Overall capacity during the first six months of the year increased 9% to 30.2 billion Available TonneKilometres (ATKM). Capacity measured in Available Seat Kilometres (ASKM), grew by 12%, whilst passenger traffic carried measured in Revenue Passenger Kilometres (RPKM) was up 8% with average Passenger Seat Factor dropping to 75.3%, compared with last year’s 78.3%.
Emirates carried 28.0 million passengers between April 1 and September 30, up 9% from the same period last year. The volume of cargo uplifted remained stable at 1.3 million tons, a solid performance in a challenging air freight market.

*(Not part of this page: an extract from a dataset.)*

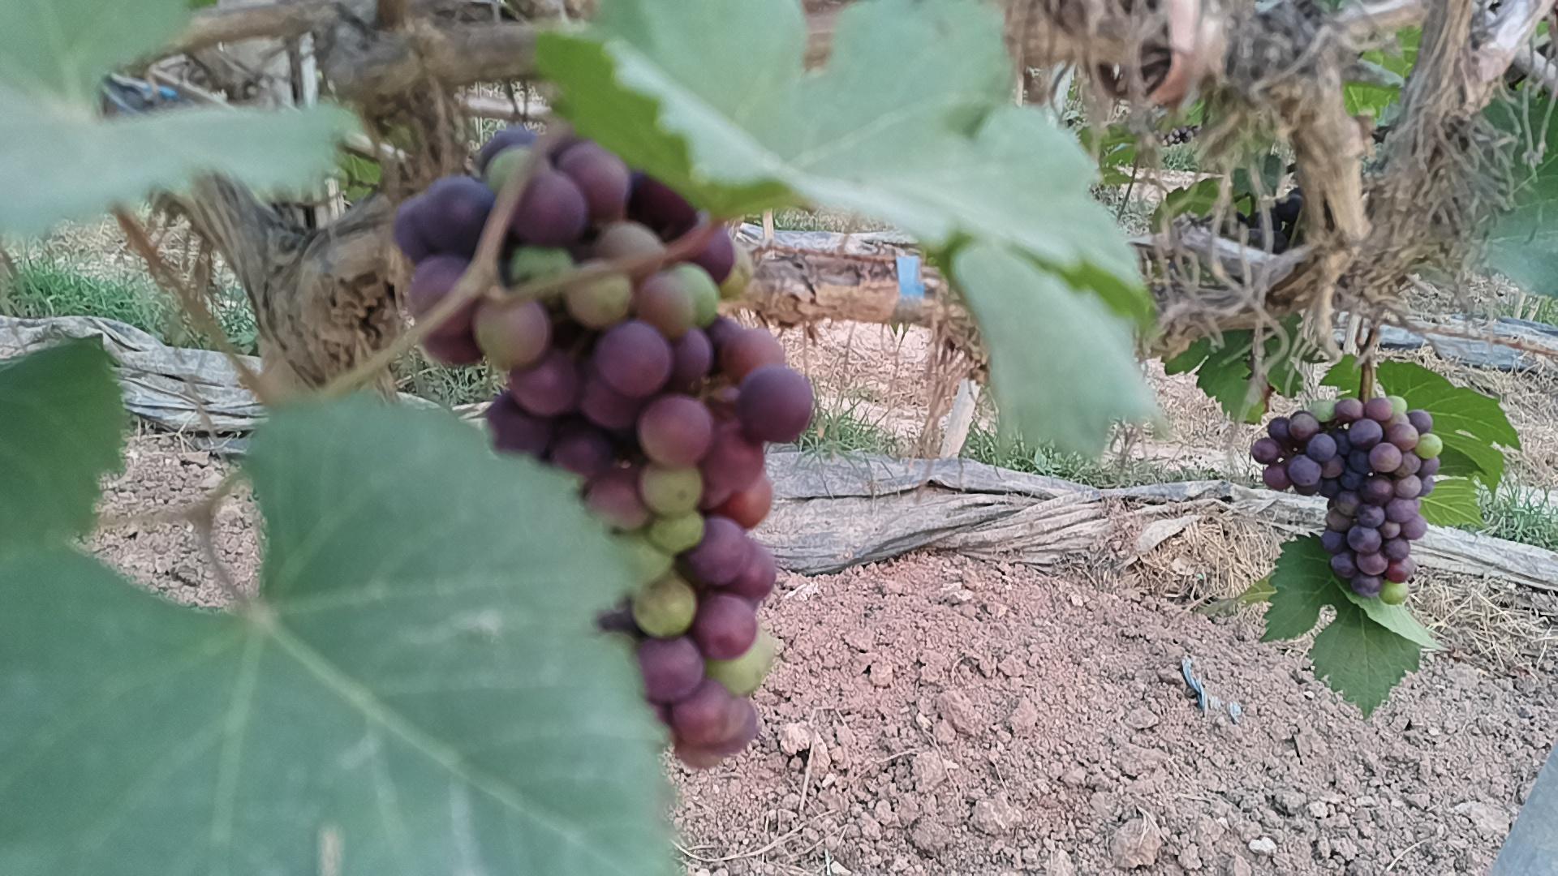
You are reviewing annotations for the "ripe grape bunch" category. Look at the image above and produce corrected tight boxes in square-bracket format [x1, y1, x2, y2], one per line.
[1246, 187, 1305, 254]
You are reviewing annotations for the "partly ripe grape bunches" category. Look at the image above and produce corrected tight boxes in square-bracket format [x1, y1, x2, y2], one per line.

In the first half of the 2016-17 financial year, Emirates net profit is Dh786 million ($214 million), down 75%, following one of the airline’s best half-year performances during the same period last year.
Emirates revenue, including other operating income, of Dh41.9 billion ($11.4 billion) was slightly down by 1% compared with Dh42.3 billion ($11.5 billion) recorded last year. This is due to the unfavourable currency environment - where the US dollar continued to strengthen against most other major currencies; and increased competition resulting in lower average fares. The airline was also impacted by currency devaluation and hard currency shortage in some African countries, as well as dampened travel demand due to the ongoing economic malaise and looming security concerns across major markets in its network, it said.
Emirates operating costs grew by 5% against the overall capacity increase of 9%. On average, fuel costs were 10% lower compared to the same period last year. However, fuel remained the largest component of the airline’s cost, accounting for 24% of operating costs compared with 28% in the first six months of last year.